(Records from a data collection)
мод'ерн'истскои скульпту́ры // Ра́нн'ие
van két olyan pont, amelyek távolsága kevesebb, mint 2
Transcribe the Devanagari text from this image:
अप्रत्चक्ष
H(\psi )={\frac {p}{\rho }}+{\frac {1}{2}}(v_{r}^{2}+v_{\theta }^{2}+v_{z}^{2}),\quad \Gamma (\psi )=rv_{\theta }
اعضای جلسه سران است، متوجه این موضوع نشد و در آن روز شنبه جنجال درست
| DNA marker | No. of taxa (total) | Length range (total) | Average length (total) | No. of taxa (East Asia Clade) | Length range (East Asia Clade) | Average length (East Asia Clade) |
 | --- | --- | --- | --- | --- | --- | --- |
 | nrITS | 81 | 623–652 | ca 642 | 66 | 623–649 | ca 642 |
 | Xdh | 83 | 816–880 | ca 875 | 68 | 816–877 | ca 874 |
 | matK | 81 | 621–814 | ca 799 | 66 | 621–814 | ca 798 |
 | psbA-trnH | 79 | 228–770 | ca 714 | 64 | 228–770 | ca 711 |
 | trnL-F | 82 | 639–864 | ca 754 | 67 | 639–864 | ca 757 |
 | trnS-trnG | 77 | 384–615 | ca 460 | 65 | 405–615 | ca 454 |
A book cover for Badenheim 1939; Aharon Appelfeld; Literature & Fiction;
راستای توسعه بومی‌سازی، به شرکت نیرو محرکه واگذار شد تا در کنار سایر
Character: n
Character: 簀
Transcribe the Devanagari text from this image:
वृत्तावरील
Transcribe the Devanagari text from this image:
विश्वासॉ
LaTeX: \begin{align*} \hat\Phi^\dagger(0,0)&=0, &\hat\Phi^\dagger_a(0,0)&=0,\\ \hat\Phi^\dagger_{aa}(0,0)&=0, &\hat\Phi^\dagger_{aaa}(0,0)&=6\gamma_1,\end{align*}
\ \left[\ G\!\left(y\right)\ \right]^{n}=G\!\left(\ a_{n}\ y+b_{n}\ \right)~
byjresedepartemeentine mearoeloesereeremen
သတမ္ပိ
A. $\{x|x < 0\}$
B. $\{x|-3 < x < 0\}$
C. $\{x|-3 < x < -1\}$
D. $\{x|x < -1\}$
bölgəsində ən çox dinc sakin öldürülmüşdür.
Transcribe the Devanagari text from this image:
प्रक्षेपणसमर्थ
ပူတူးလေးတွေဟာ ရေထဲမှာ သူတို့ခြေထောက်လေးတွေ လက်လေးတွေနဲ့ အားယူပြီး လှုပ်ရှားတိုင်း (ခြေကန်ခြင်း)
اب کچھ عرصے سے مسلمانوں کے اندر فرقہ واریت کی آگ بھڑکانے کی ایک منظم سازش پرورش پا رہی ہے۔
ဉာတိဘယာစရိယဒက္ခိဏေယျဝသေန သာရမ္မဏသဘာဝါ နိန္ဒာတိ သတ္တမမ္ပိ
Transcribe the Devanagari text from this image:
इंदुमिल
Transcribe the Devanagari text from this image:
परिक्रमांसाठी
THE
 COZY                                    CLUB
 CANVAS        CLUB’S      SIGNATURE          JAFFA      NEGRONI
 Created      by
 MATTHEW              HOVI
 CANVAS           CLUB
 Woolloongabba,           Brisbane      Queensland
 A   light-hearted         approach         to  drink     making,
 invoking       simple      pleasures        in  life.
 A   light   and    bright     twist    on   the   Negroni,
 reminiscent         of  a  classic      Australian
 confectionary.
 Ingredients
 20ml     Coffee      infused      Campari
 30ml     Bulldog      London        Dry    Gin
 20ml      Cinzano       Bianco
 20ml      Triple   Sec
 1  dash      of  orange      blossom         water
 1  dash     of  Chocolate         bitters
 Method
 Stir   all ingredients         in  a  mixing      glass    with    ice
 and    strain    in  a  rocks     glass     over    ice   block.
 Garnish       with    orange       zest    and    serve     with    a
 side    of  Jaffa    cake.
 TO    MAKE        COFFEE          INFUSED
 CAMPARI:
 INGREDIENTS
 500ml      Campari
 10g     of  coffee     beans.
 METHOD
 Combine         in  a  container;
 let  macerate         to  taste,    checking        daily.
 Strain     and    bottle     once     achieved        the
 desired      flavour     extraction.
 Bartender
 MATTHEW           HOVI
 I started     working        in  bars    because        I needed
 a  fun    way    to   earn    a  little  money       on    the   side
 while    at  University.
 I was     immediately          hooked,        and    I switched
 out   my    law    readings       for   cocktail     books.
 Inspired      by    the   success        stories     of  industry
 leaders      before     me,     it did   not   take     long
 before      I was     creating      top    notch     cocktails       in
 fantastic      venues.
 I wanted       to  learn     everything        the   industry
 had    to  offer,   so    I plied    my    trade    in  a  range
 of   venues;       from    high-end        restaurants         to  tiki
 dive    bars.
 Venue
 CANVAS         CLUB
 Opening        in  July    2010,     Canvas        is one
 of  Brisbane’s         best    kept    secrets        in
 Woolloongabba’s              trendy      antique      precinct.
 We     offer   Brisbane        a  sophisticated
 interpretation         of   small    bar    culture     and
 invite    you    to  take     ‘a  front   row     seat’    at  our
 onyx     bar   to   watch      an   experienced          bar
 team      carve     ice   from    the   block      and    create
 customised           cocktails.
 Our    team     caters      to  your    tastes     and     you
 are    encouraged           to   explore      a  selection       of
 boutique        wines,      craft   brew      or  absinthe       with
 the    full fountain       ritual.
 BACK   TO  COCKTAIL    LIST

**Your task:** Copy each entry exactly, leaving every line as it is.

**Exercise answer:**
мод'ерн'истскои скульпту́ры // Ра́нн'ие
van két olyan pont, amelyek távolsága kevesebb, mint 2
Transcribe the Devanagari text from this image:
अप्रत्चक्ष
H(\psi )={\frac {p}{\rho }}+{\frac {1}{2}}(v_{r}^{2}+v_{\theta }^{2}+v_{z}^{2}),\quad \Gamma (\psi )=rv_{\theta }
اعضای جلسه سران است، متوجه این موضوع نشد و در آن روز شنبه جنجال درست
| DNA marker | No. of taxa (total) | Length range (total) | Average length (total) | No. of taxa (East Asia Clade) | Length range (East Asia Clade) | Average length (East Asia Clade) |
 | --- | --- | --- | --- | --- | --- | --- |
 | nrITS | 81 | 623–652 | ca 642 | 66 | 623–649 | ca 642 |
 | Xdh | 83 | 816–880 | ca 875 | 68 | 816–877 | ca 874 |
 | matK | 81 | 621–814 | ca 799 | 66 | 621–814 | ca 798 |
 | psbA-trnH | 79 | 228–770 | ca 714 | 64 | 228–770 | ca 711 |
 | trnL-F | 82 | 639–864 | ca 754 | 67 | 639–864 | ca 757 |
 | trnS-trnG | 77 | 384–615 | ca 460 | 65 | 405–615 | ca 454 |
A book cover for Badenheim 1939; Aharon Appelfeld; Literature & Fiction;
راستای توسعه بومی‌سازی، به شرکت نیرو محرکه واگذار شد تا در کنار سایر
Character: n
Character: 簀
Transcribe the Devanagari text from this image:
वृत्तावरील
Transcribe the Devanagari text from this image:
विश्वासॉ
LaTeX: \begin{align*} \hat\Phi^\dagger(0,0)&=0, &\hat\Phi^\dagger_a(0,0)&=0,\\ \hat\Phi^\dagger_{aa}(0,0)&=0, &\hat\Phi^\dagger_{aaa}(0,0)&=6\gamma_1,\end{align*}
\ \left[\ G\!\left(y\right)\ \right]^{n}=G\!\left(\ a_{n}\ y+b_{n}\ \right)~
byjresedepartemeentine mearoeloesereeremen
သတမ္ပိ
A. $\{x|x < 0\}$
B. $\{x|-3 < x < 0\}$
C. $\{x|-3 < x < -1\}$
D. $\{x|x < -1\}$
bölgəsində ən çox dinc sakin öldürülmüşdür.
Transcribe the Devanagari text from this image:
प्रक्षेपणसमर्थ
ပူတူးလေးတွေဟာ ရေထဲမှာ သူတို့ခြေထောက်လေးတွေ လက်လေးတွေနဲ့ အားယူပြီး လှုပ်ရှားတိုင်း (ခြေကန်ခြင်း)
اب کچھ عرصے سے مسلمانوں کے اندر فرقہ واریت کی آگ بھڑکانے کی ایک منظم سازش پرورش پا رہی ہے۔
ဉာတိဘယာစရိယဒက္ခိဏေယျဝသေန သာရမ္မဏသဘာဝါ နိန္ဒာတိ သတ္တမမ္ပိ
Transcribe the Devanagari text from this image:
इंदुमिल
Transcribe the Devanagari text from this image:
परिक्रमांसाठी
THE
 COZY                                    CLUB
 CANVAS        CLUB’S      SIGNATURE          JAFFA      NEGRONI
 Created      by
 MATTHEW              HOVI
 CANVAS           CLUB
 Woolloongabba,           Brisbane      Queensland
 A   light-hearted         approach         to  drink     making,
 invoking       simple      pleasures        in  life.
 A   light   and    bright     twist    on   the   Negroni,
 reminiscent         of  a  classic      Australian
 confectionary.
 Ingredients
 20ml     Coffee      infused      Campari
 30ml     Bulldog      London        Dry    Gin
 20ml      Cinzano       Bianco
 20ml      Triple   Sec
 1  dash      of  orange      blossom         water
 1  dash     of  Chocolate         bitters
 Method
 Stir   all ingredients         in  a  mixing      glass    with    ice
 and    strain    in  a  rocks     glass     over    ice   block.
 Garnish       with    orange       zest    and    serve     with    a
 side    of  Jaffa    cake.
 TO    MAKE        COFFEE          INFUSED
 CAMPARI:
 INGREDIENTS
 500ml      Campari
 10g     of  coffee     beans.
 METHOD
 Combine         in  a  container;
 let  macerate         to  taste,    checking        daily.
 Strain     and    bottle     once     achieved        the
 desired      flavour     extraction.
 Bartender
 MATTHEW           HOVI
 I started     working        in  bars    because        I needed
 a  fun    way    to   earn    a  little  money       on    the   side
 while    at  University.
 I was     immediately          hooked,        and    I switched
 out   my    law    readings       for   cocktail     books.
 Inspired      by    the   success        stories     of  industry
 leaders      before     me,     it did   not   take     long
 before      I was     creating      top    notch     cocktails       in
 fantastic      venues.
 I wanted       to  learn     everything        the   industry
 had    to  offer,   so    I plied    my    trade    in  a  range
 of   venues;       from    high-end        restaurants         to  tiki
 dive    bars.
 Venue
 CANVAS         CLUB
 Opening        in  July    2010,     Canvas        is one
 of  Brisbane’s         best    kept    secrets        in
 Woolloongabba’s              trendy      antique      precinct.
 We     offer   Brisbane        a  sophisticated
 interpretation         of   small    bar    culture     and
 invite    you    to  take     ‘a  front   row     seat’    at  our
 onyx     bar   to   watch      an   experienced          bar
 team      carve     ice   from    the   block      and    create
 customised           cocktails.
 Our    team     caters      to  your    tastes     and     you
 are    encouraged           to   explore      a  selection       of
 boutique        wines,      craft   brew      or  absinthe       with
 the    full fountain       ritual.
 BACK   TO  COCKTAIL    LIST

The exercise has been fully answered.